AUGUSTA – Recommendations from a state growth management task force, while well-intentioned, are misguided, members of the group were told repeatedly Wednesday at a public hearing.
Provisions requiring towns to develop comprehensive plans or risk losing small amounts of state aid will have the unintended consequence of causing more sprawl, representatives of real estate agents, developers and the Maine State Housing Authority told the Task Force to Study Growth Management.
They reasoned that conscientious towns will develop plans and put caps on growth, but many outlying communities, where uncontrolled growth is already a problem, are less likely to take action or to care that they will lose access to state growth management or Land For Maine’s Future funds.
Instead, regional approaches to controlling growth should be implemented, the speakers said. Otherwise, developers will “judge shop” to find areas where new houses and businesses are most welcome, said Linda Gifford of the Maine Association of Realtors.
“Local control is not a good approach to this issue,” she said.
While praising the task force’s efforts, Gifford said it was unrealistic to expect a committee to solve in just two months a problem that has been 100 years in the making.
She and others suggested that a more permanent legislative committee be established to seek ways to develop “smart-growth” laws. Such a committee should include members of legislative committees on education, transportation and local government so that comprehensive solutions, such as encouraging schools to be built close to downtown areas, may result.
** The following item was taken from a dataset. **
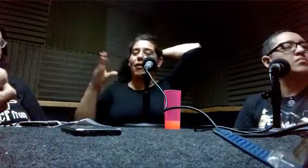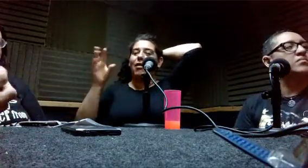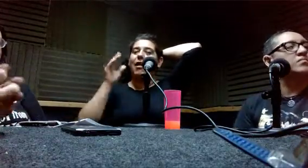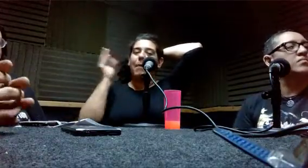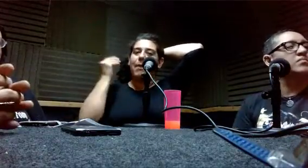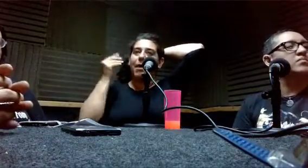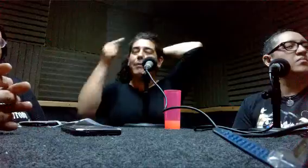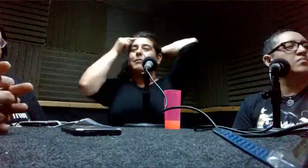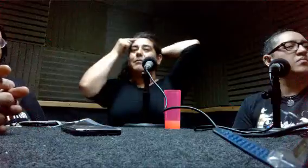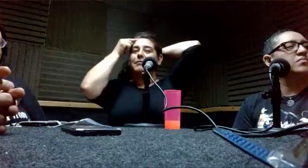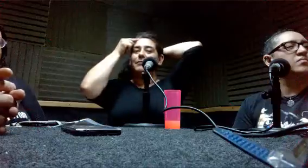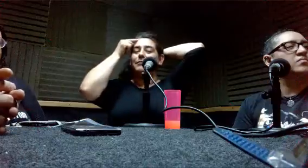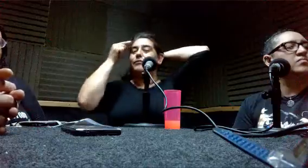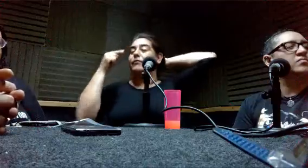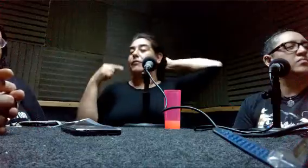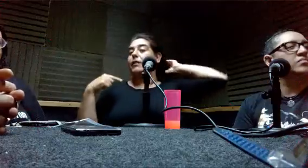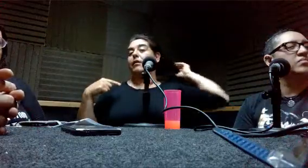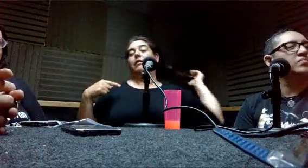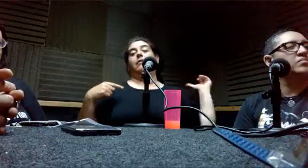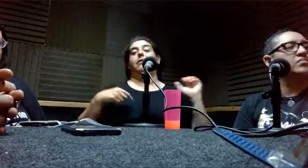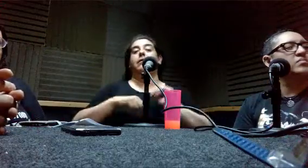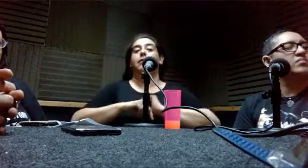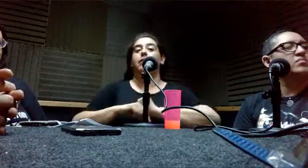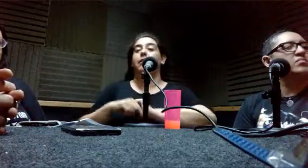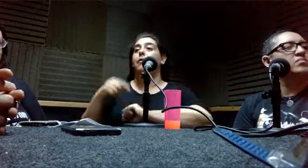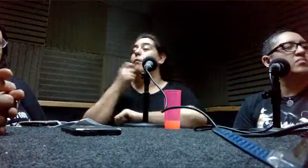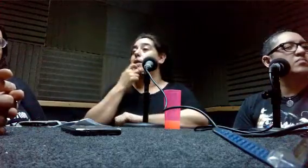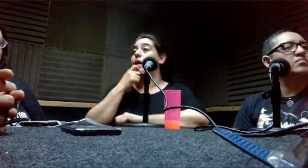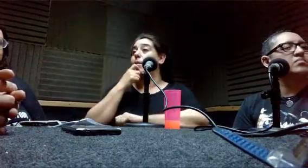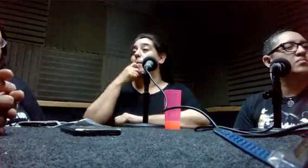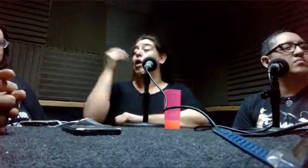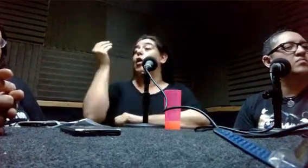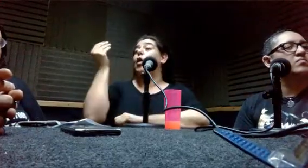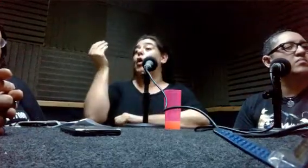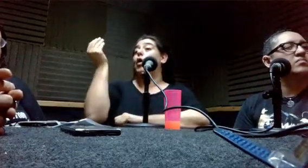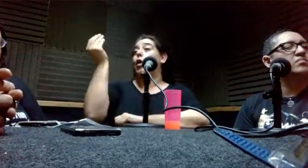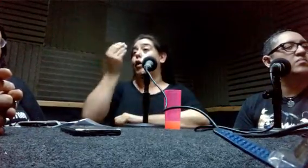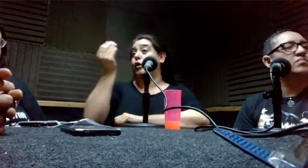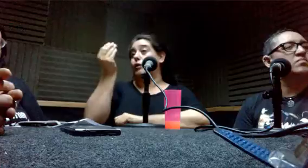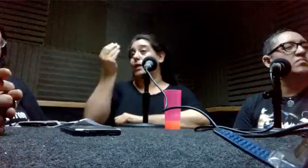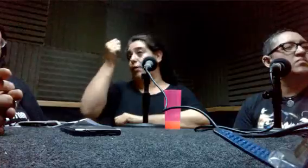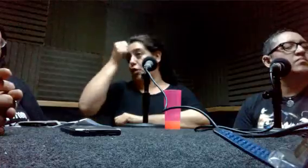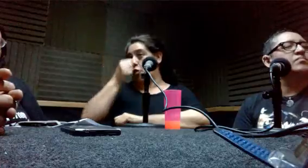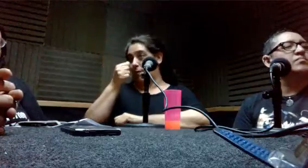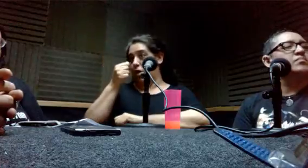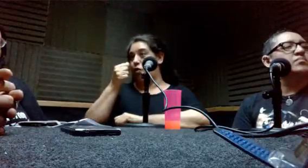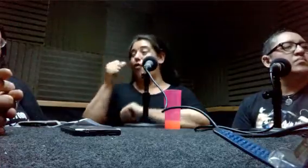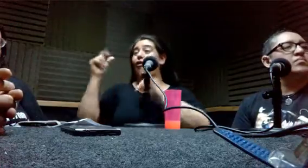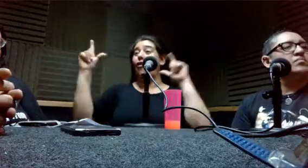Que recién ahora, por ejemplo, los fines de semana, en el canal abierto de televisión, los dibujitos de los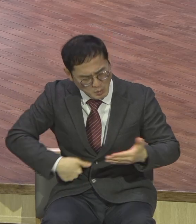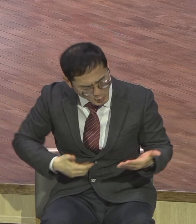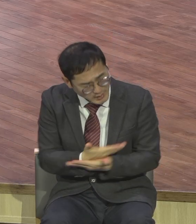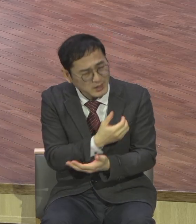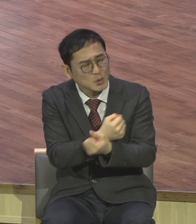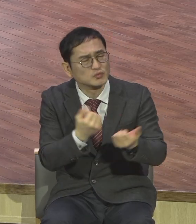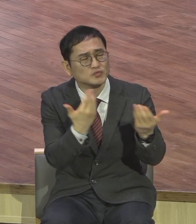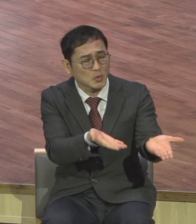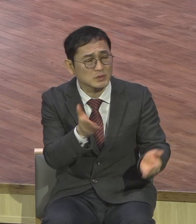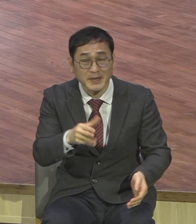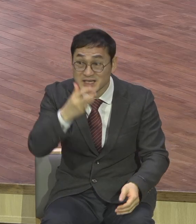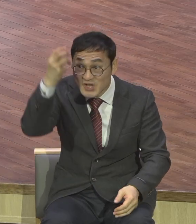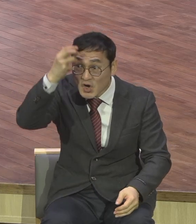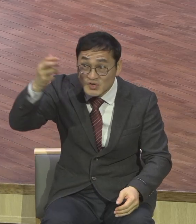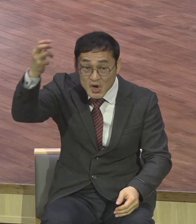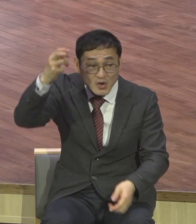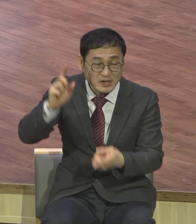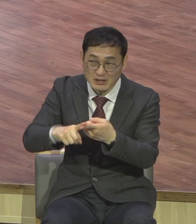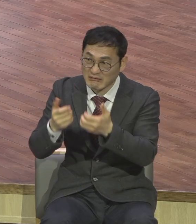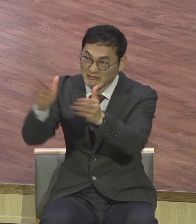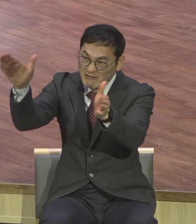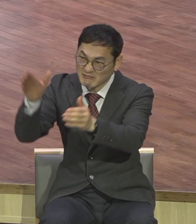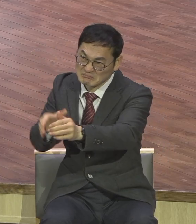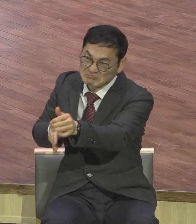세상에서도 사심을 얻지 못하니라

Tim Glidden, deputy director of the Natural Resources Council of Maine and a member of the task force, admitted Wednesday that the group might have to settle for modest gains. That might include an agreement that a regional approach is necessary, and that a standing committee be established to look into the issue further. The committee is scheduled to meet one more time next month before wrapping up its work.
Members of the Maine Municipal Association also met Wednesday to discuss the task force’s recommendations. The municipal officials voted to have MMA officials continue to work with the task force because they feel the group is moving in the right direction, although specific details of any proposed legislation need to be further refined, said Geoff Herman, director of state and federal relations for MMA.
The state’s current growth management efforts, which include nullifying municipal land use ordinances if a comprehensive plan is not acceptable to state officials, are “wrong-headed,” Herman said. A change to a system that requires specified outcomes would be a step in the right direction, he said.
However, municipal officials did express concerns that larger tax issues, which were not addressed by the task force, are driving sprawl. For example, people tend to move to outlying areas with lower tax rates. In addition, many municipalities rely on property taxes as their largest source of revenue. This means that these communities may view any type of growth as good because it means more tax dollars.
The task force, which was appointed by the Legislature, had prepared draft recommendations for the hearing Wednesday. The recommendations include the creation of statewide standards calling for 70 percent of future residential development to be in designated growth areas, and limits on commercial development to areas where speed limits would not have to be dropped on major roads.
If communities didn’t meet those standards, they would lose access to growth-related financial assistance from the state and money from the Land for Maine’s Future board, the task force recommended.
Help, not meager penalties, is what’s needed, critics testified.
The penalties are not severe enough and the group’s recommendations are weak, said Nigel Calder, a member of the newly formed MidCoast Alliance for Planning, a group of concerned individuals from communities from Belfast to Brunswick.
“This document is not nearly courageous enough,” said Calder, who lives in the small town of Alna.
He said the state should do more to help communities like his plan for future growth.
Six new houses are now being built in the Augusta bedroom community. That’s more houses than have been built there in the past 10 years, he said.
Alna has no municipal water or sewer system, no town center and no professional planners. Residents a decade ago rejected a comprehensive plan. To require a town like Alna to have a designated growth area is meaningless because no one in town would know where such an area should be, he said.
Calder said if the state mandates municipal comprehensive plans it should provide the blueprint as it did with shore land zoning ordinances, which are very specific.
“In another 10 to 15 years, we’ll be losing the fight if we don’t get the help we need,” Calder told the group.
Dave Pierson of Dexter said the state was right to try to put pressure on towns to develop growth management policies.
“I think it is right for the state to turn its back on towns that have not done a comprehensive plan, just like a bank would refuse to give money to someone who has not done a business plan,” said Pierson, who used to work as a code enforcement officer.